We bought a clown pleco and he has not been eating the algae in the tank at all. He is going since Ive added algae waffers so I know he is eating something but would really like him to clean the tank also.


----------



## susankat (Nov 15, 2008)

How long have you had him. Also plecos don't eat all types of algae and should never be bought just for algae control.


----------



## ecl (Dec 29, 2010)

every pleco I had kept the tank clean, and its just normal algae. I dont buy them just for algae control I like the way they look, and they are fun to watch


----------



## susankat (Nov 15, 2008)

I have several clown plecos and never see them going after algae, they like to hide a lot and hardly ever see them. The only one that really helps with algae is a bristlenose pleco. Commons will eat algae while young but as they get older they don't. Many plecos don't eat algae at all, but are omnivores and require protien. Most if not all plecos require wood in there tank for hiding and for rasping.

Right now I have probably over a 100 of them. Of all kinds and sizes.


----------



## ecl (Dec 29, 2010)

yeah he likes to hid, we make a game out of it with the little ones since he blends in really well with our gravel. he eats the algae off the rocks ok just not the glass its just odd. Ive had many plecos and all have taken care of my algae even our 8-9 inch one did, but also had other things in their diet. Ive had a couple of the bristle nose plecos but cant keep them alive.


----------



## vdanker (Jan 3, 2012)

Have you tried a Chinese Butterfly Loach?


----------



## NeonShark666 (Dec 13, 2010)

I have several "standard" type Plecos. They eat all kinds of Algae, but don't like the Hairy kind. They will also eat small bits of Salad Shrimp and Cory Pellets.
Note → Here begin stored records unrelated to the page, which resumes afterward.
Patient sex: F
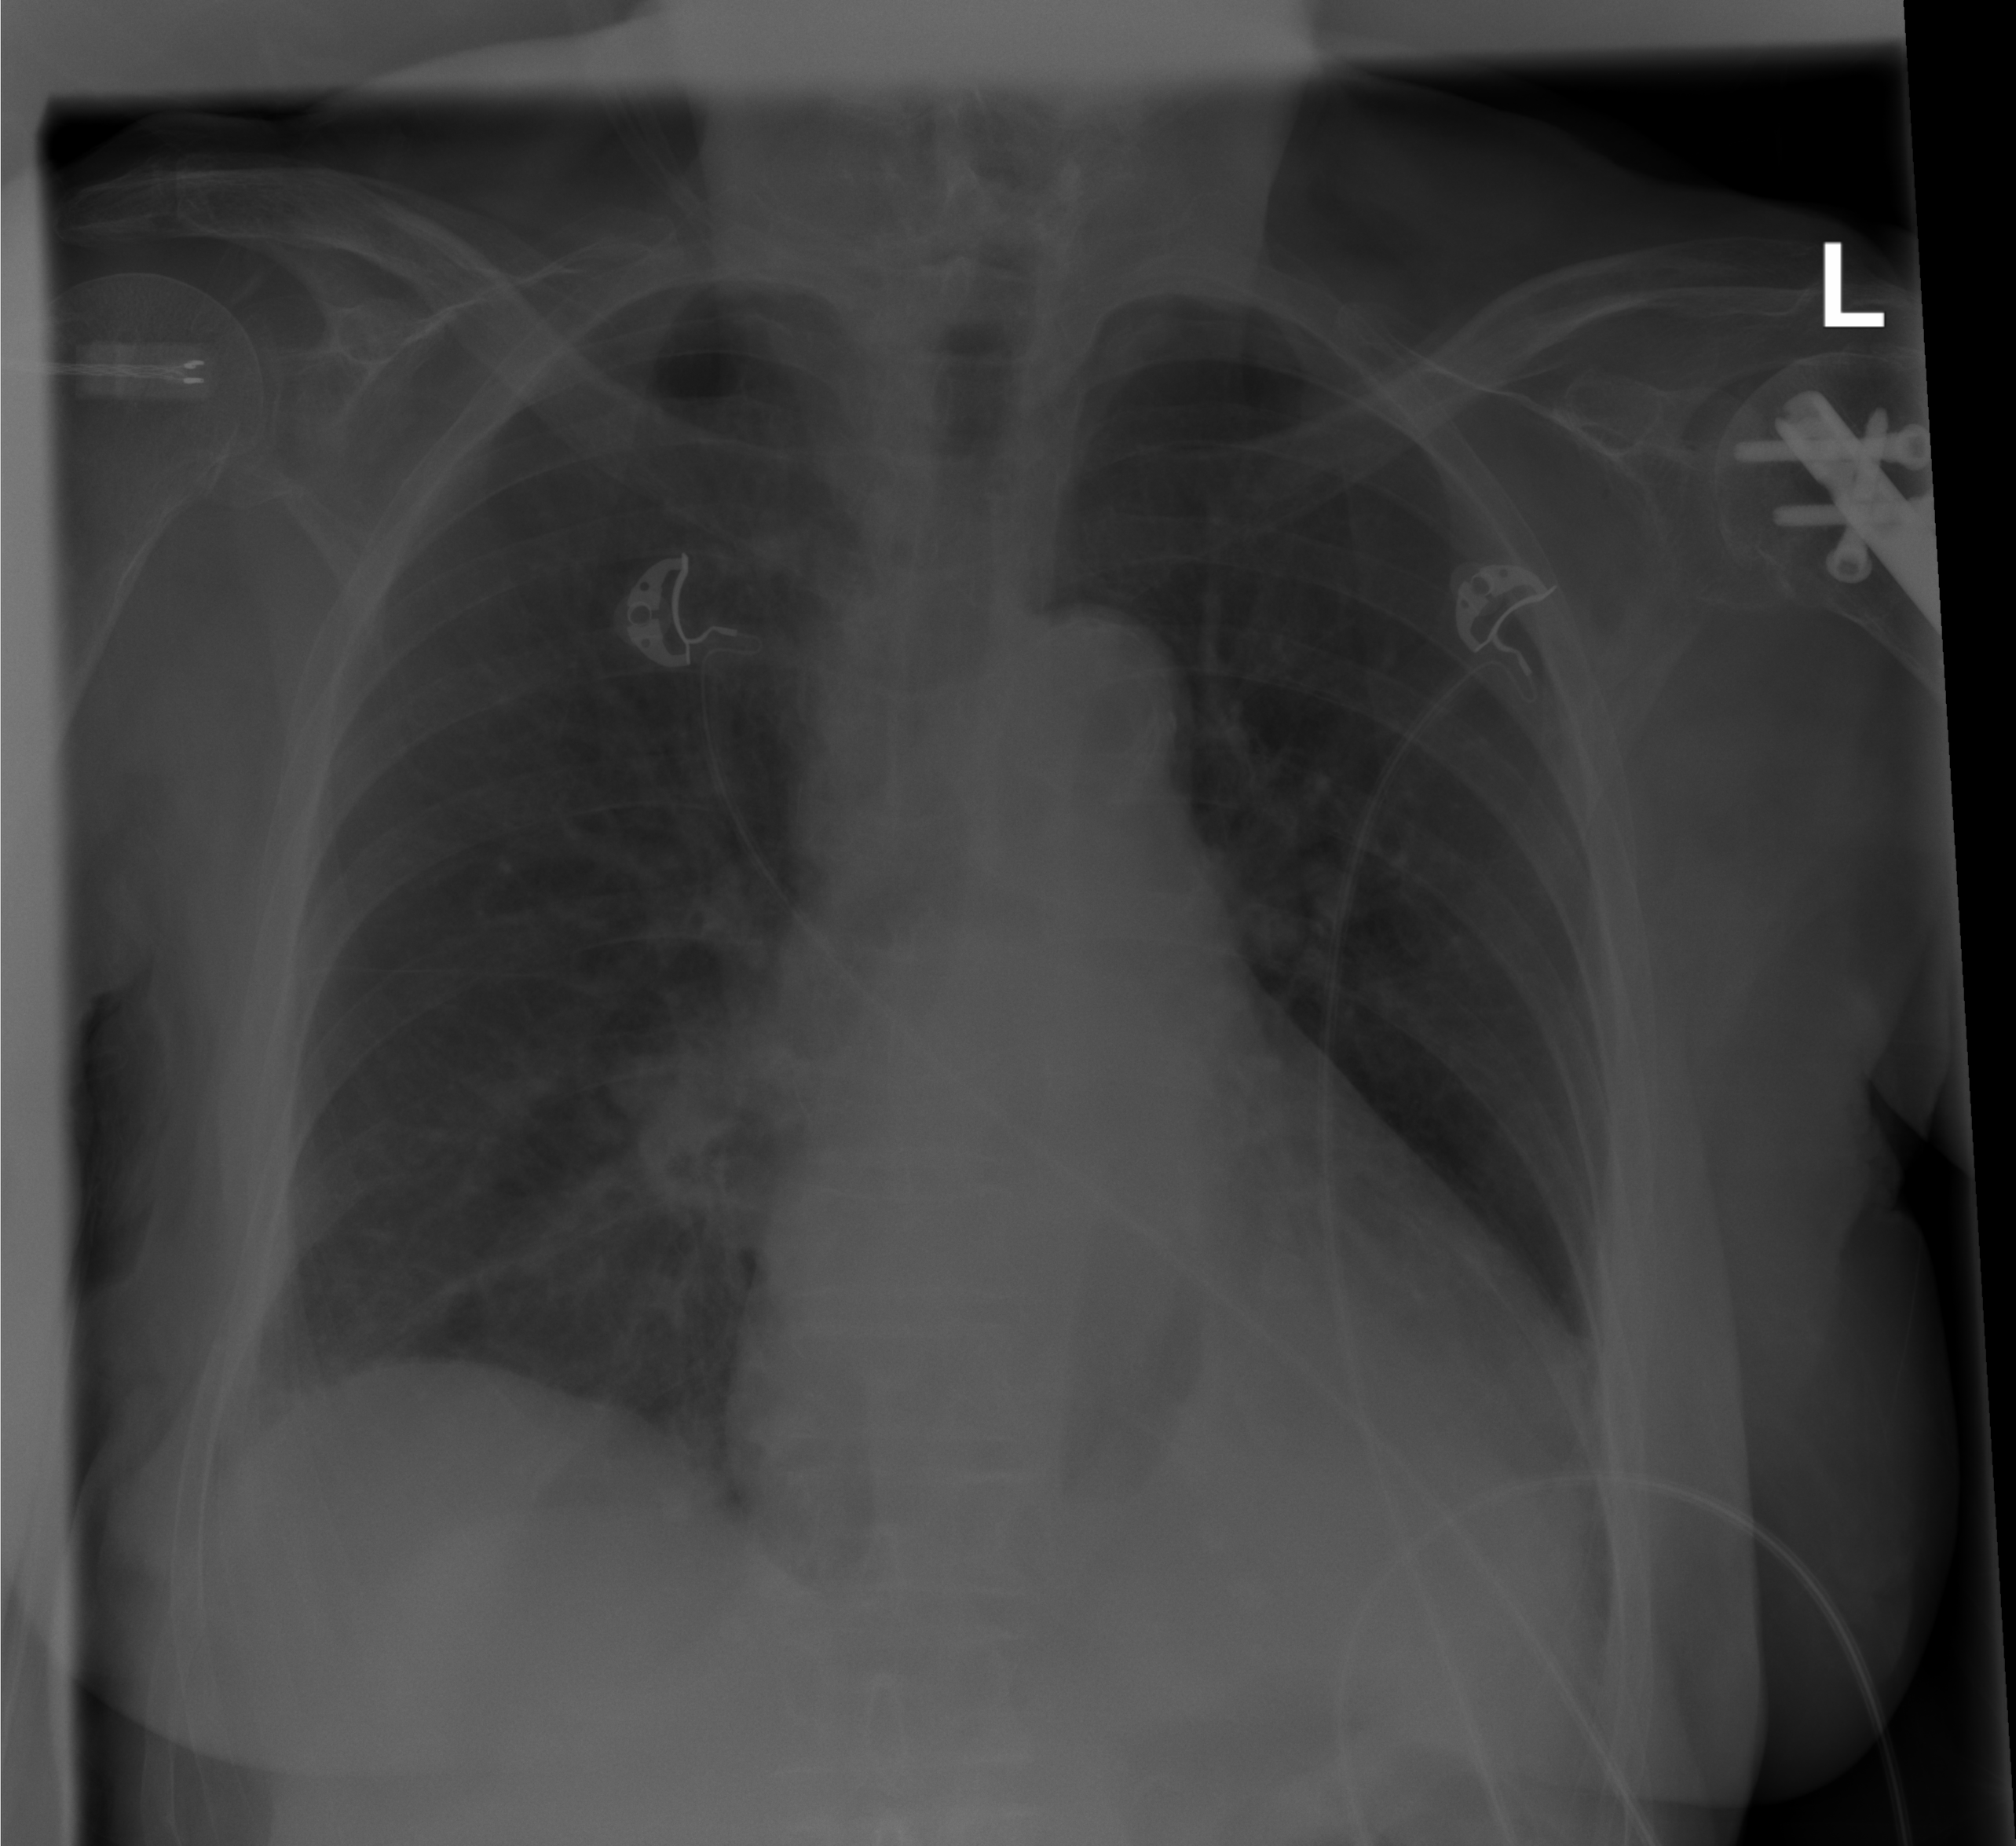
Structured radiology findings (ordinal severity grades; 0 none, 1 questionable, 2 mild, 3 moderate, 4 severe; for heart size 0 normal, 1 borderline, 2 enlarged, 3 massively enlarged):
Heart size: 2
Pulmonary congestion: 2
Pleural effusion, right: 0
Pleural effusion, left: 1
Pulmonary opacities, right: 0
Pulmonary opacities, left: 0
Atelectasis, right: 2
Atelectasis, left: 2
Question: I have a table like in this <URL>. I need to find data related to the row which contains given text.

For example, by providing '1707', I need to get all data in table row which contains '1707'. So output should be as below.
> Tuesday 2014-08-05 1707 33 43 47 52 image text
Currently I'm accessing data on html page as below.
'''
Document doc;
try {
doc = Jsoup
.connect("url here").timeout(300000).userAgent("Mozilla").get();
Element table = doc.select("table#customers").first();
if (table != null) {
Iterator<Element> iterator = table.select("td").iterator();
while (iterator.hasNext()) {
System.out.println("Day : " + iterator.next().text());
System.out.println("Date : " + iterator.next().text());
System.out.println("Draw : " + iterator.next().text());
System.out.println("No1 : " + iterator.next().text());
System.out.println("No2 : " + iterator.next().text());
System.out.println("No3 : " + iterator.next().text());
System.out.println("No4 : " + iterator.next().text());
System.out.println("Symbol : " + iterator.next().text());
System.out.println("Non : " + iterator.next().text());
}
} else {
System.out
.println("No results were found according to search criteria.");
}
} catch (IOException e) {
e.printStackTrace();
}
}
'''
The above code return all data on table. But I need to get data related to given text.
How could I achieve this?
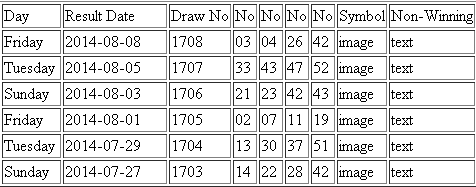
Answer: As shown in <URL>':
'''
table.select("tr:contains(1707) td")
'''
<URL>
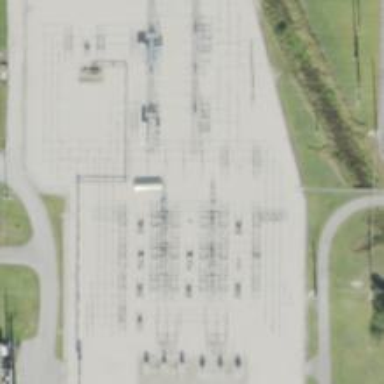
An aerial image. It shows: Switch for power supply.
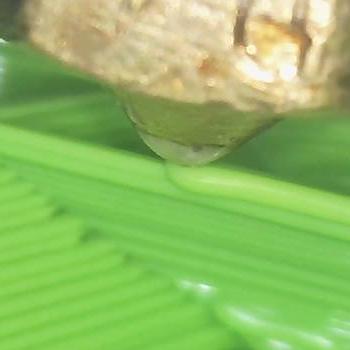
Flow rate: 178%
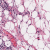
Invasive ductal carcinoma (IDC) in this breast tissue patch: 0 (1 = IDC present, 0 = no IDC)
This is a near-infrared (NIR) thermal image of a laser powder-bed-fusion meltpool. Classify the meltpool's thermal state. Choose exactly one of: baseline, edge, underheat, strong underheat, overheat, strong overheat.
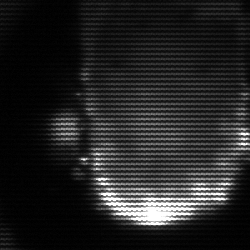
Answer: baseline
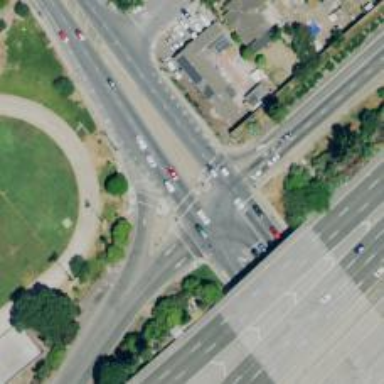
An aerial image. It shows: Solid stop line on the road.
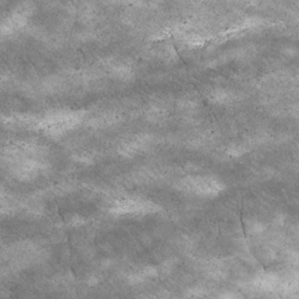
Label: non_frost
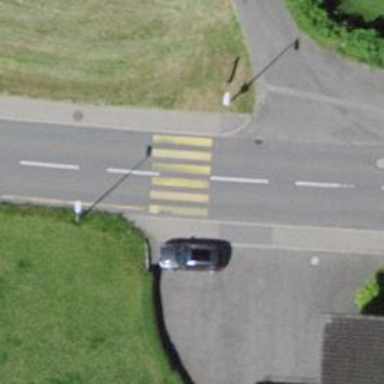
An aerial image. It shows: Uncontrolled zebra crossing on the road.
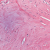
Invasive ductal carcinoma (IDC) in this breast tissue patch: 0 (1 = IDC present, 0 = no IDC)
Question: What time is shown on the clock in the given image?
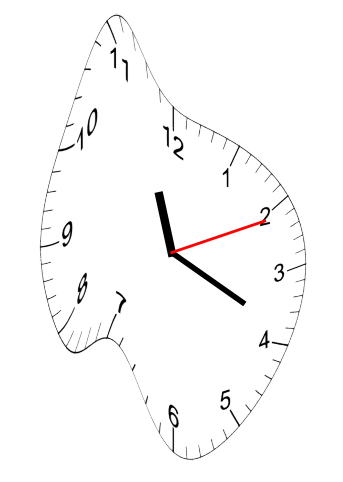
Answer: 11:19:11

As they get bigger they tend to get shyer and even feed on the surface.


----------



## navigator black (Jan 3, 2012)

A little research goes a long way - the clown pleco is part of the Genus Panaque. If you'd googled it before you bought it, you would have found that it doesn't eat algae - Panaque cats eat wood and associated micro-organisms. Mine were ideal for preparing driftwood, although their wood based waste was weird to deal with. I've never kept messier creatures, and gave mine away because they were chewing through a lot of nice driftwood.

So to keep them, you MUST have driftwood. They're "wood cats".

There is actually no one creature called a 'pleco'. There are hundreds of species of Loracarid cats, each with its own needs. Very few are algae eaters.


----------